Oh hello. It’s been a while.
I have been all over the place (mentally, not physically, I can barely walk a block never mind actually travel anywhere). This pregnancy has been SO different then my first. I’m bigger, sorer (not a word), tireder (again not a word), and my brain just hasn’t been fully functioning (prego brain for the win). I come up with a thought to write about but then it just disappears once I go to actually put pen to paper (fingers to keyboard). And then once the thought disappears, my brain shuts down and you can most likely find me laying down and falling asleep. Add in hourly nausea the first few months, aches and pains the next few months, and now peeing every hour because this kid is a kicker/puncher/stretch Armstrong wannabe and that’s pretty much how this pregnancy has been going.
But…I wouldn’t change it for anything. We have been so lucky to have this little guy growing as he should and looking great. Not a whole lot longer now, and I can’t believe it’s gone by as fast as it has. (Now I’ve probably jinxed it and these last couple months will drag, ugh!)
Speaking of the next couple months, I’d like to just vent for a bit. While we are for sure the lucky ones who still have our house, we unfortunately are part of the large group in our area that are unlucky and have lost our gas due to the explosions in the Merrimack Valley last month. No heat, hot water, stove, or dryer. Now again, how lucky are we that we have a roof over our head, electricity to watch tv, cook (in our microwave, crock pot, and toaster), keep food in our fridge, and lights to turn on. I can’t say there aren’t others much worse off then we are right now, I do want to put that out there.

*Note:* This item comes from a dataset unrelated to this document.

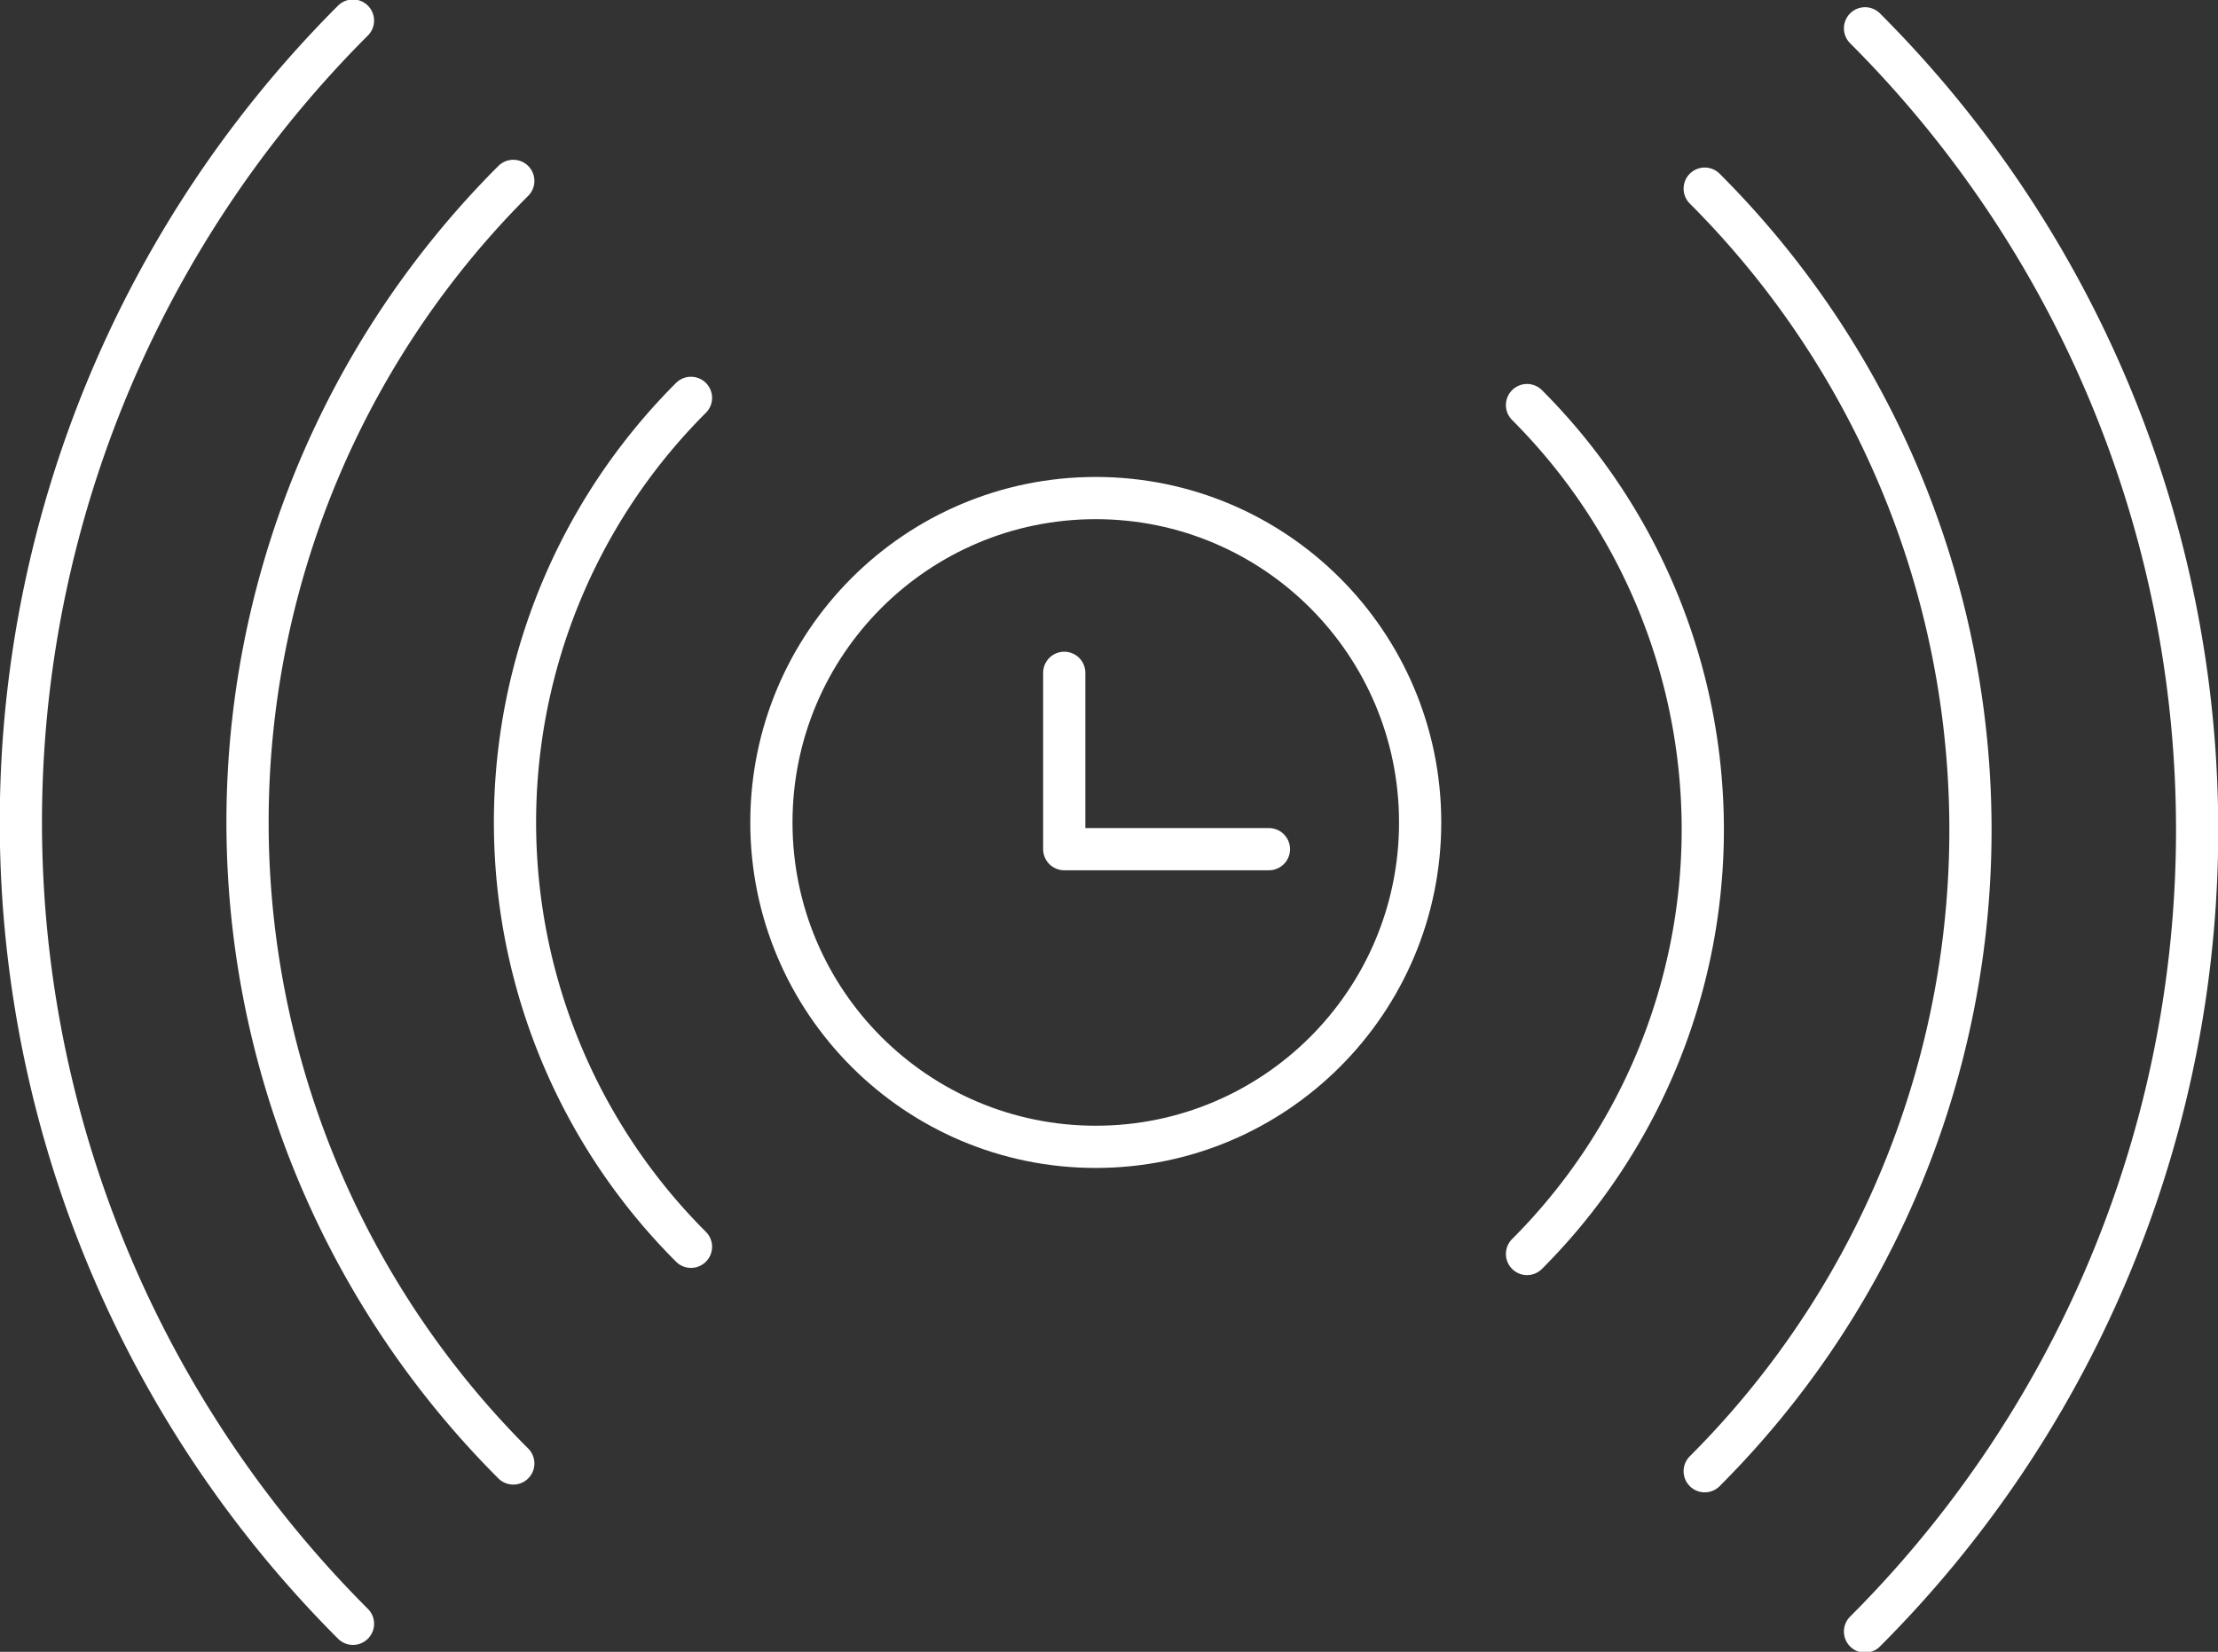 <svg xmlns="http://www.w3.org/2000/svg" viewBox="0 0 83.01 61.82"><rect x="0" y="0" width="83.01" height="61.82" fill="#333333" stroke="none"/><defs><style>.cls-1{fill:none;stroke:#fff;stroke-linecap:round;stroke-linejoin:round;stroke-width:1.58px;}</style></defs><g id="Layer_2" data-name="Layer 2"><g id="Layer_1-2" data-name="Layer 1"><path id="Path_38073" data-name="Path 38073" class="cls-1" d="M63.8,7.06a33.93,33.93,0,0,1,0,48"/><path id="Path_38073-2" data-name="Path 38073" class="cls-1" d="M57.15,15.16a22.47,22.47,0,0,1,0,31.77"/><path id="Path_38075" data-name="Path 38075" class="cls-1" d="M69.8,1.06a42.42,42.42,0,0,1,0,60"/><path id="Path_38073-3" data-name="Path 38073" class="cls-1" d="M19.21,54.77a33.93,33.93,0,0,1,0-48"/><path id="Path_38073-4" data-name="Path 38073" class="cls-1" d="M25.86,46.66a22.45,22.45,0,0,1,0-31.77"/><path id="Path_38075-2" data-name="Path 38075" class="cls-1" d="M13.21,60.77a42.42,42.42,0,0,1,0-60"/><circle class="cls-1" cx="41.01" cy="30.78" r="12.14"/><polyline class="cls-1" points="39.83 25.18 39.83 31.78 47.49 31.78"/></g></g></svg>

This whole situation, however, has got me thinking about a couple things. The usuals like “what if the baby comes while our gas is still out? What if the pipes freeze? etc, etc. But there is one big “what if” question that I really shouldn’t be thinking about right now but it’s me and it’s how my brain works, so it’s always going to be a question in my mind.
Here it is: how would we be dealing with this if Quinlan was still here?
To answer: I have no idea, we would have just done it. At least we have electricity so he would have had his ventilator, feeding tube set up, oxygen, and suction machine. That’s a plus. But for a child who had no control over his body temperature do to his diagnosis, staying in a house with no heat would have been a huge obstacle for us. Sure we always had heating blankets around, but it scares me to think what we would have done on the 40 degree nights. He would have gotten colder then normal, his body temperature could easily have gone down to 94/95 degrees (which had happened a few times), his heart rate would then dive down and it would have not been a fun experience for anyone.
I will say we have had the option of staying in a hotel, which we have been doing. However, the hotel is about 25 miles away, so for Bear and I it’s not the worst thing in the world for a hot shower and heat every day. But with Quinlan, we had nurses come take care of him while we went to work every day, would they have made the commute for us? If not, that’s more time off for me and Bear. Maybe lost wages. Who knows. Another obstacle.
I know many of you are probably saying “Why are you even thinking about this?” And really, I admit that I shouldn’t be. But being a mom of a special needs child, I don’t think the thoughts ever go away. The “what if’s” are always there. There are parents going through very similar situations right now, being displaced from their homes with medically fragile kids and what do they do? They do it, they make it work, but it’s a lot. Tragedies are happening all over. All I can do is think about those parents whose houses has been flooded or destroyed by a hurricane. Did they grab all of their child’s meds? Did they get out in time before their ventilators or oxygen machines floated away? There are so many questions they need to answer for themselves, I can’t help but think the questions for them as well. I don’t think there will ever be a situation where I don’t think about Quinlan and what would we have done.
For now, my brain is still hard wired to think like a special needs parent. I can only hope that I can retrain my brain to think otherwise in the future.